» Directions
Each record below should be returned word for word, with no pictures included.

Records drawn from a dataset:
******************************

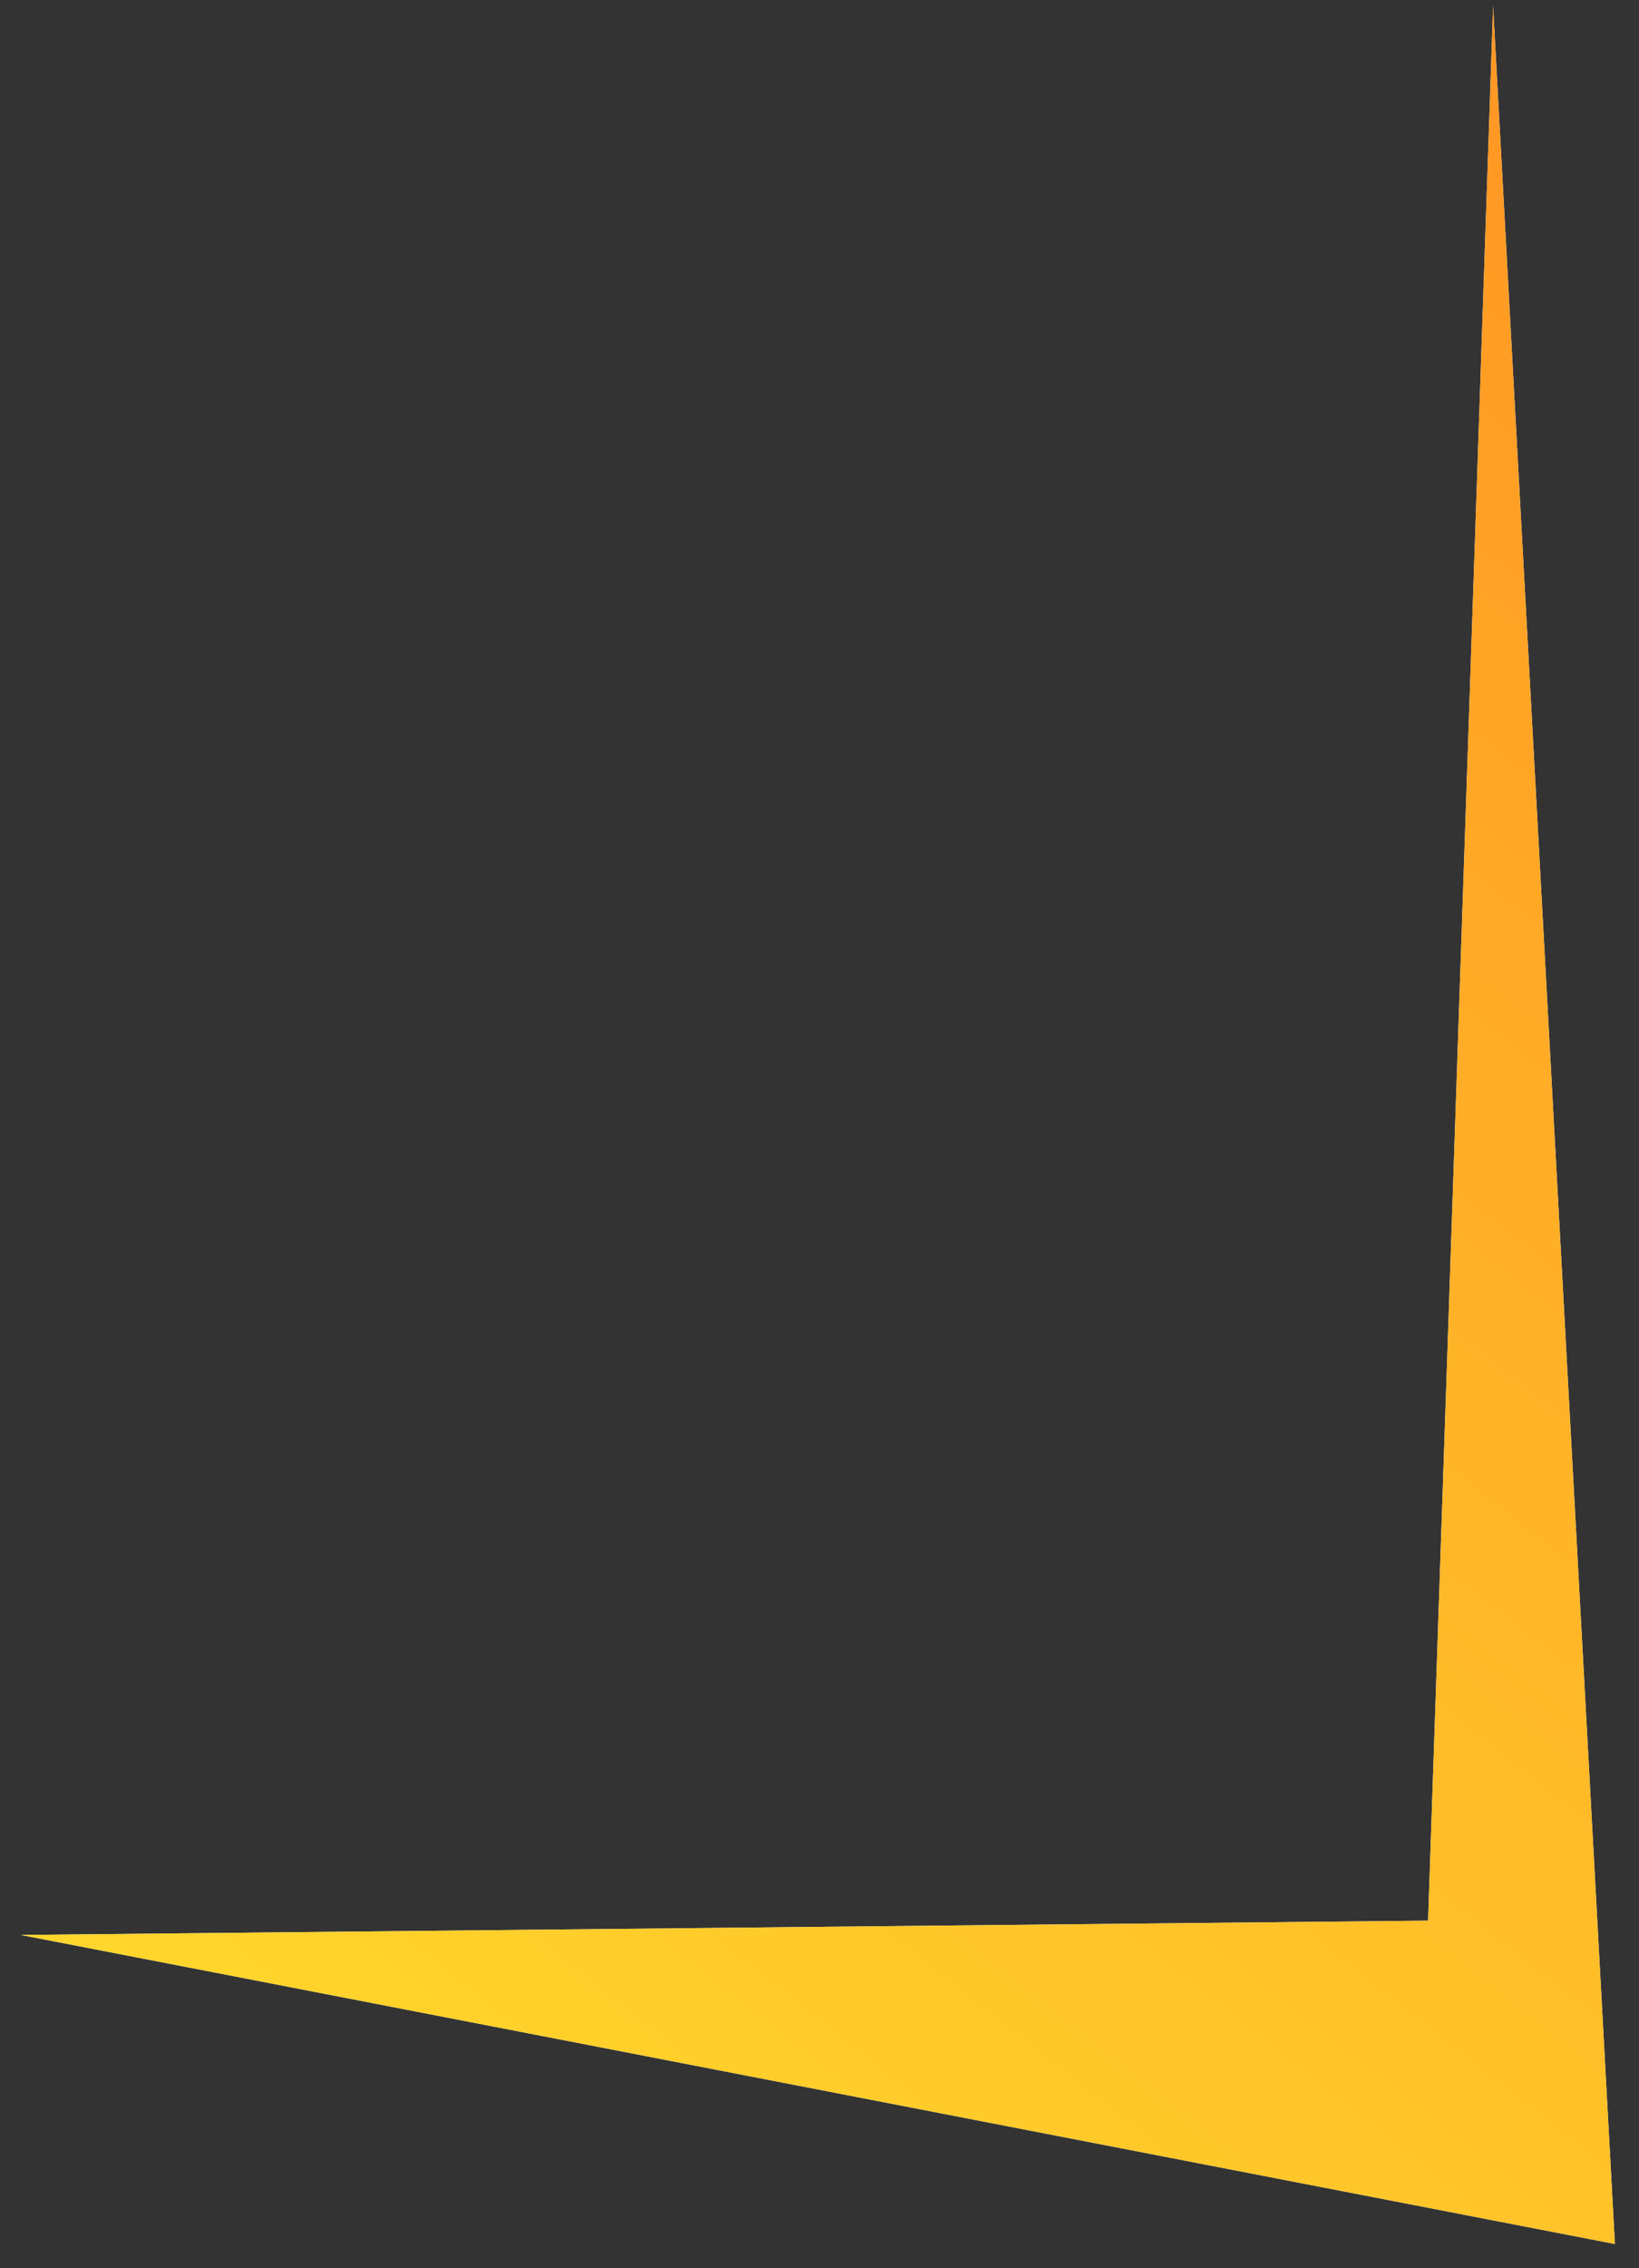 <svg width="47" height="65" viewBox="0 0 47 65" fill="none" xmlns="http://www.w3.org/2000/svg">
<rect x="0" y="0" width="47" height="65" fill="#333333" stroke="none"/>
<path d="M46.309 64.304L0.6 55.448L40.952 55.038L42.816 0.169L46.309 64.304Z" fill="white"/>
<path d="M46.309 64.304L0.6 55.448L40.952 55.038L42.816 0.169L46.309 64.304Z" fill="url(#paint0_linear_1064_19304)"/>
<defs>
<linearGradient id="paint0_linear_1064_19304" x1="61.259" y1="10.665" x2="-0.32" y2="88.921" gradientUnits="userSpaceOnUse">
<stop stop-color="#FF9323"/>
<stop offset="1" stop-color="#FFF02E"/>
</linearGradient>
</defs>
</svg>
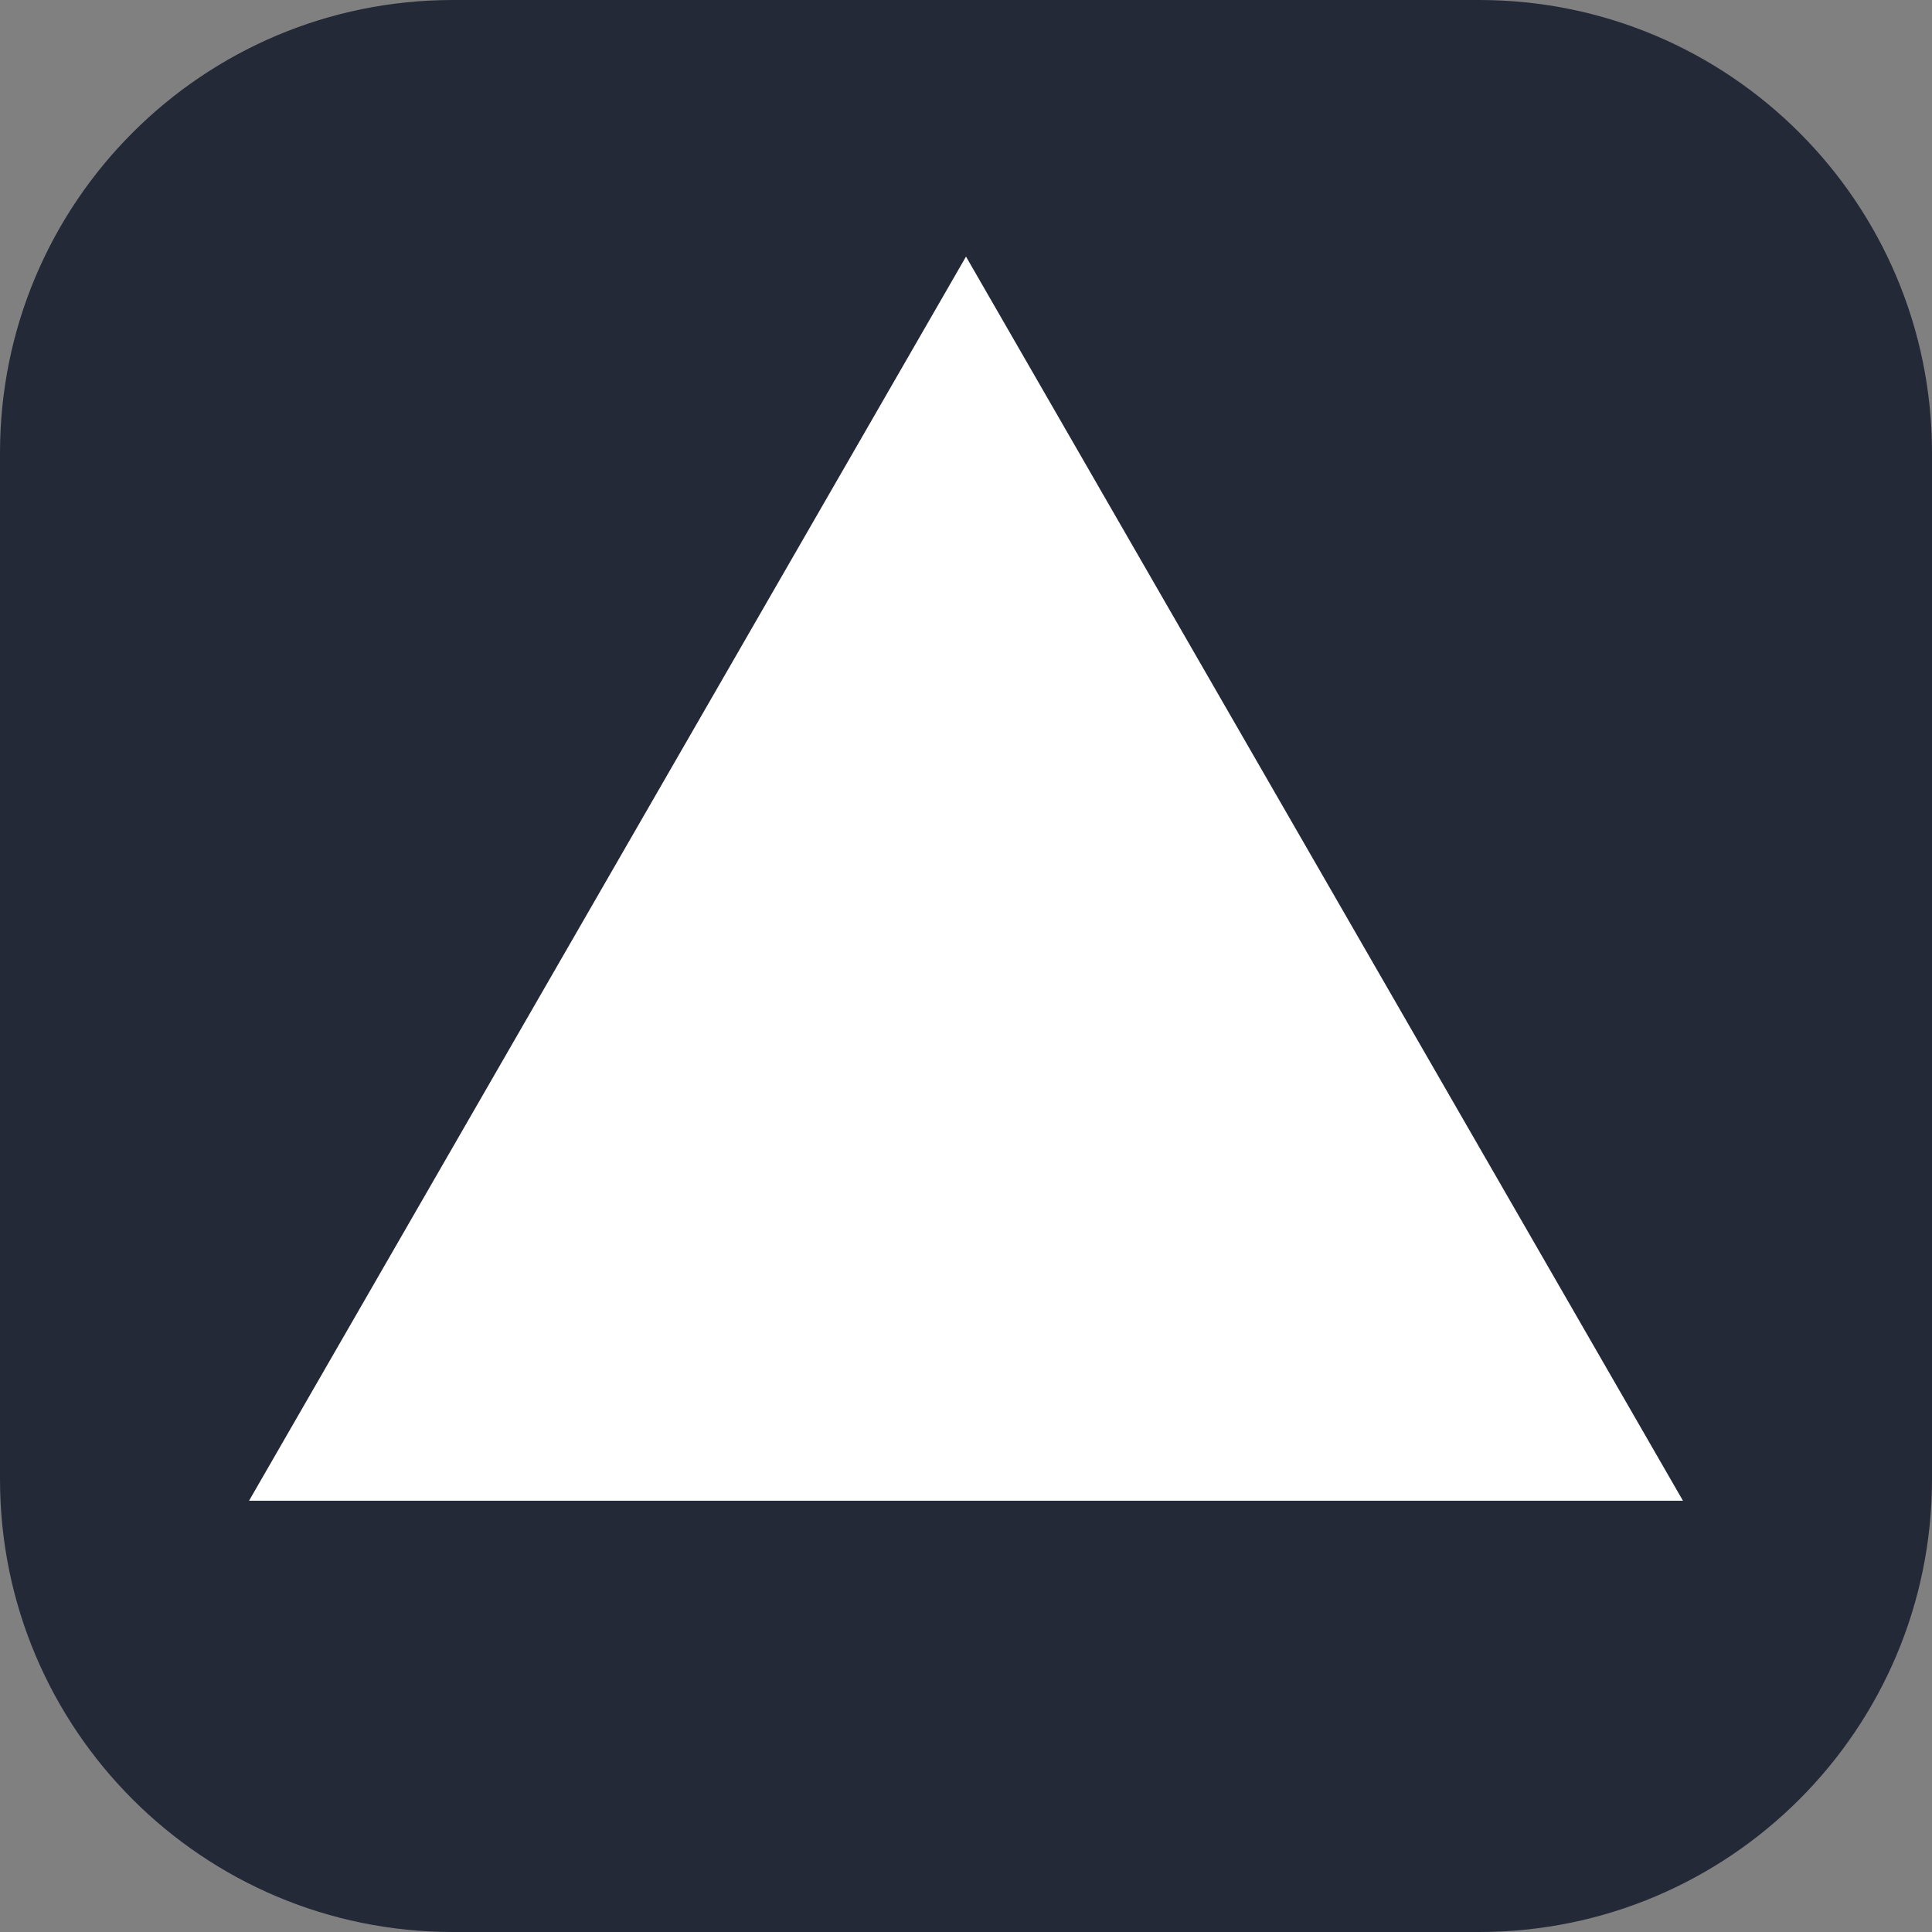 <svg xmlns="http://www.w3.org/2000/svg" width="100" height="100" viewBox="0 0 100 100" fill="none"><rect x="0" y="0" width="100" height="100" fill="#808080" stroke="none"/><g clip-path="url(#clip0_1956_14495)"><path d="M76.562 0H23.438C10.493 0 0 10.493 0 23.438V76.562C0 89.507 10.493 100 23.438 100H76.562C89.507 100 100 89.507 100 76.562V23.438C100 10.493 89.507 0 76.562 0Z" fill="#242938"></path><path d="M50 13.281L87.109 77.677H12.891L50 13.281Z" fill="white"></path></g><defs><clipPath id="clip0_1956_14495"><rect width="100" height="100" fill="white"></rect></clipPath></defs></svg>

******************************

» Output
 <svg width="47" height="65" viewBox="0 0 47 65" fill="none" xmlns="http://www.w3.org/2000/svg">
<rect x="0" y="0" width="47" height="65" fill="#333333" stroke="none"/>
<path d="M46.309 64.304L0.6 55.448L40.952 55.038L42.816 0.169L46.309 64.304Z" fill="white"/>
<path d="M46.309 64.304L0.6 55.448L40.952 55.038L42.816 0.169L46.309 64.304Z" fill="url(#paint0_linear_1064_19304)"/>
<defs>
<linearGradient id="paint0_linear_1064_19304" x1="61.259" y1="10.665" x2="-0.32" y2="88.921" gradientUnits="userSpaceOnUse">
<stop stop-color="#FF9323"/>
<stop offset="1" stop-color="#FFF02E"/>
</linearGradient>
</defs>
</svg>
 <svg xmlns="http://www.w3.org/2000/svg" width="100" height="100" viewBox="0 0 100 100" fill="none"><rect x="0" y="0" width="100" height="100" fill="#808080" stroke="none"/><g clip-path="url(#clip0_1956_14495)"><path d="M76.562 0H23.438C10.493 0 0 10.493 0 23.438V76.562C0 89.507 10.493 100 23.438 100H76.562C89.507 100 100 89.507 100 76.562V23.438C100 10.493 89.507 0 76.562 0Z" fill="#242938"></path><path d="M50 13.281L87.109 77.677H12.891L50 13.281Z" fill="white"></path></g><defs><clipPath id="clip0_1956_14495"><rect width="100" height="100" fill="white"></rect></clipPath></defs></svg>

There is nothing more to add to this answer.